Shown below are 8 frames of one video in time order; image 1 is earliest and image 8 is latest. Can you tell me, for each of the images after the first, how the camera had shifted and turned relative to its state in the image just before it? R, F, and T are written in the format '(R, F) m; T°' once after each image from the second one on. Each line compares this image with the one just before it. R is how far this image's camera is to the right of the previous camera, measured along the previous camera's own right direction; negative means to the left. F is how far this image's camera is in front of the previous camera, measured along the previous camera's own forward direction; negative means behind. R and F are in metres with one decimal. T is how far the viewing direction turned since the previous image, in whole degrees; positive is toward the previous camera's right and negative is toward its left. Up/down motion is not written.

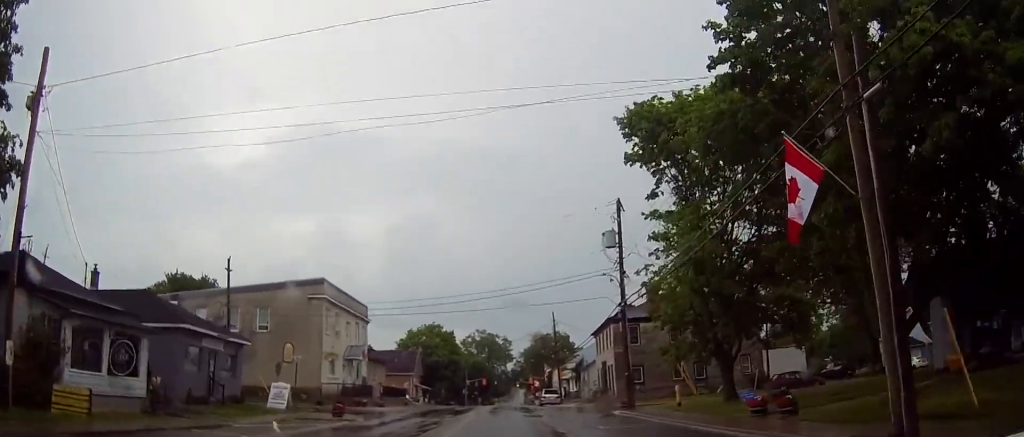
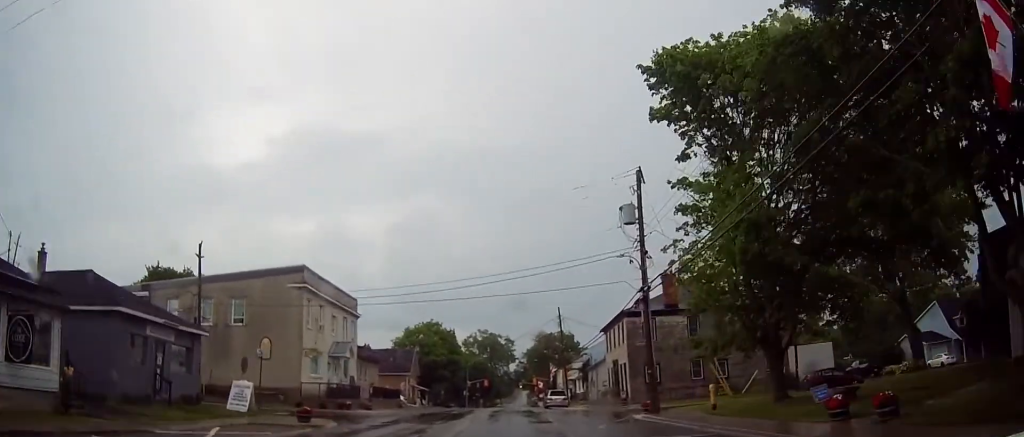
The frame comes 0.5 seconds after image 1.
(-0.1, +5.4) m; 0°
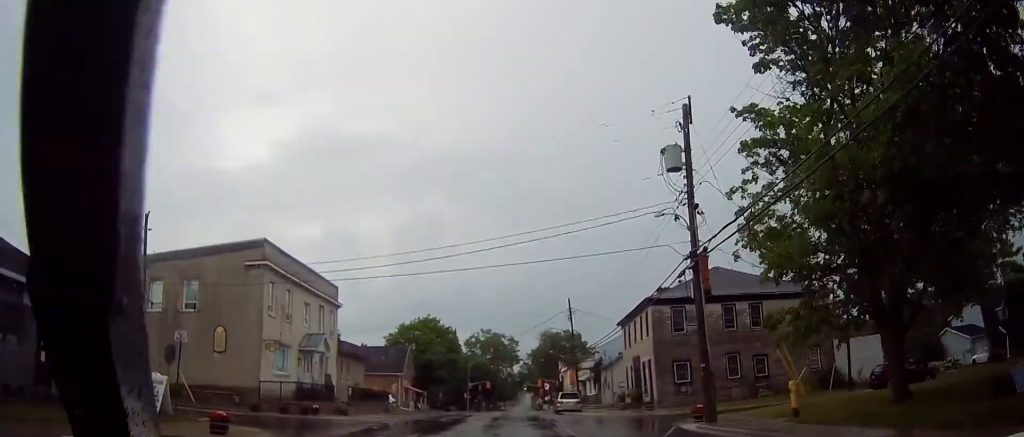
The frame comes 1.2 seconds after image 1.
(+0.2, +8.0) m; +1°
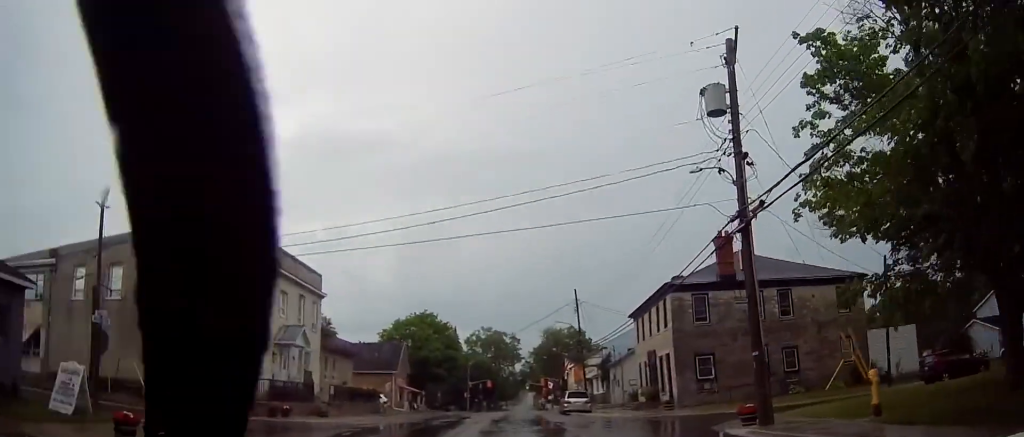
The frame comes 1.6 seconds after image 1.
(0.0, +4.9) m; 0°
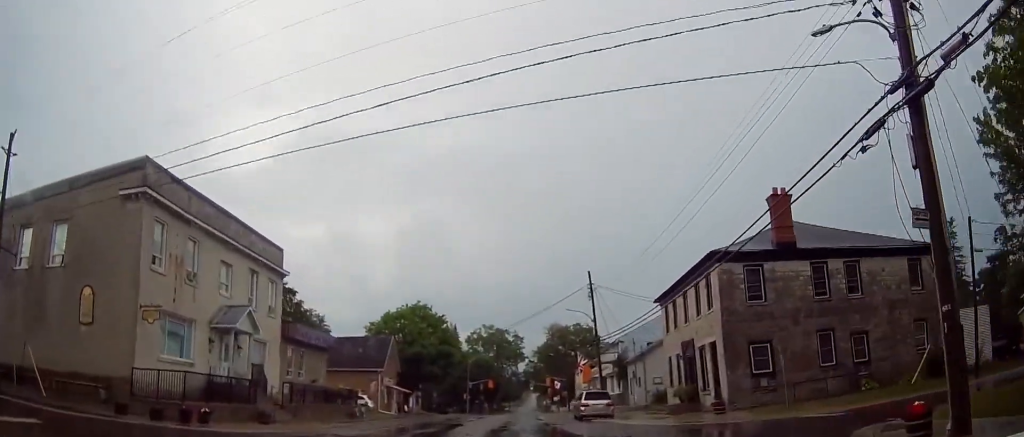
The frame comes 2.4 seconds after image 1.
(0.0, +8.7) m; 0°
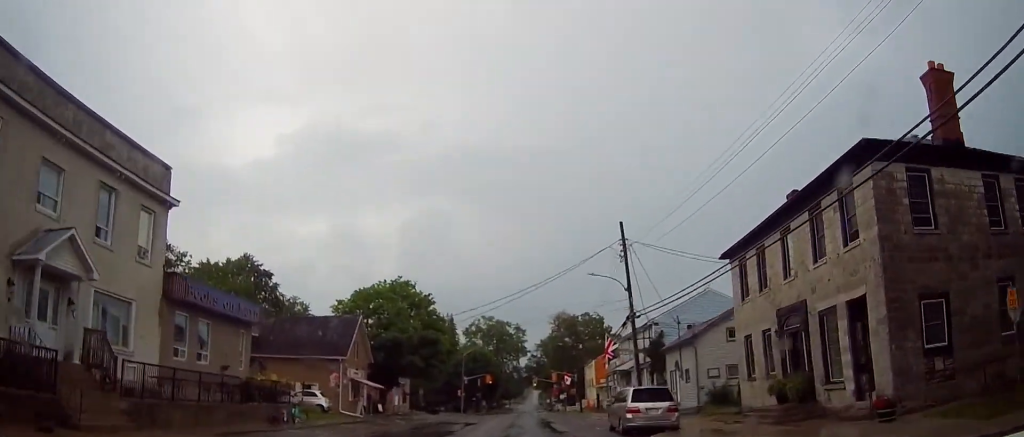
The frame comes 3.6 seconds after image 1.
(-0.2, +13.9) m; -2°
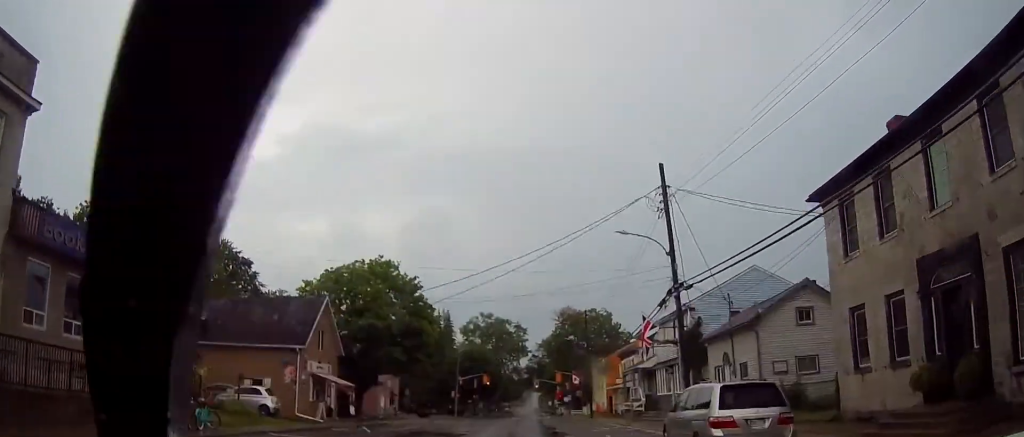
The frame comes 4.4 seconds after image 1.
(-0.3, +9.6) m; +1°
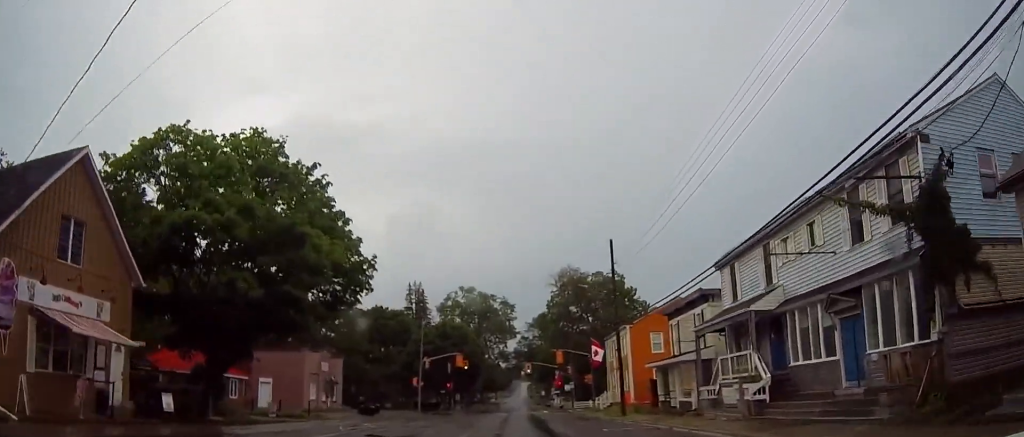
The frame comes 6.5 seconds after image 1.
■ ■ ■
- [What the task asks] Reproduce the data above exactly, leaving each picture out.

- [Response]
Shown below are 8 frames of one video in time order; image 1 is earliest and image 8 is latest. Can you tell me, for each of the images after the first, how the camera had shifted and turned relative to its state in the image just before it? R, F, and T are written in the format '(R, F) m; T°' once after each image from the second one on. Each line compares this image with the one just before it. R is how far this image's camera is to the right of the previous camera, measured along the previous camera's own right direction; negative means to the left. F is how far this image's camera is in front of the previous camera, measured along the previous camera's own forward direction; negative means behind. R and F are in metres with one decimal. T is how far the viewing direction turned since the previous image, in whole degrees; positive is toward the previous camera's right and negative is toward its left. Up/down motion is not written.

The frame comes 0.5 seconds after image 1.
(-0.1, +5.4) m; 0°
The frame comes 1.2 seconds after image 1.
(+0.2, +8.0) m; +1°
The frame comes 1.6 seconds after image 1.
(0.0, +4.9) m; 0°
The frame comes 2.4 seconds after image 1.
(0.0, +8.7) m; 0°
The frame comes 3.6 seconds after image 1.
(-0.2, +13.9) m; -2°
The frame comes 4.4 seconds after image 1.
(-0.3, +9.6) m; +1°
The frame comes 6.5 seconds after image 1.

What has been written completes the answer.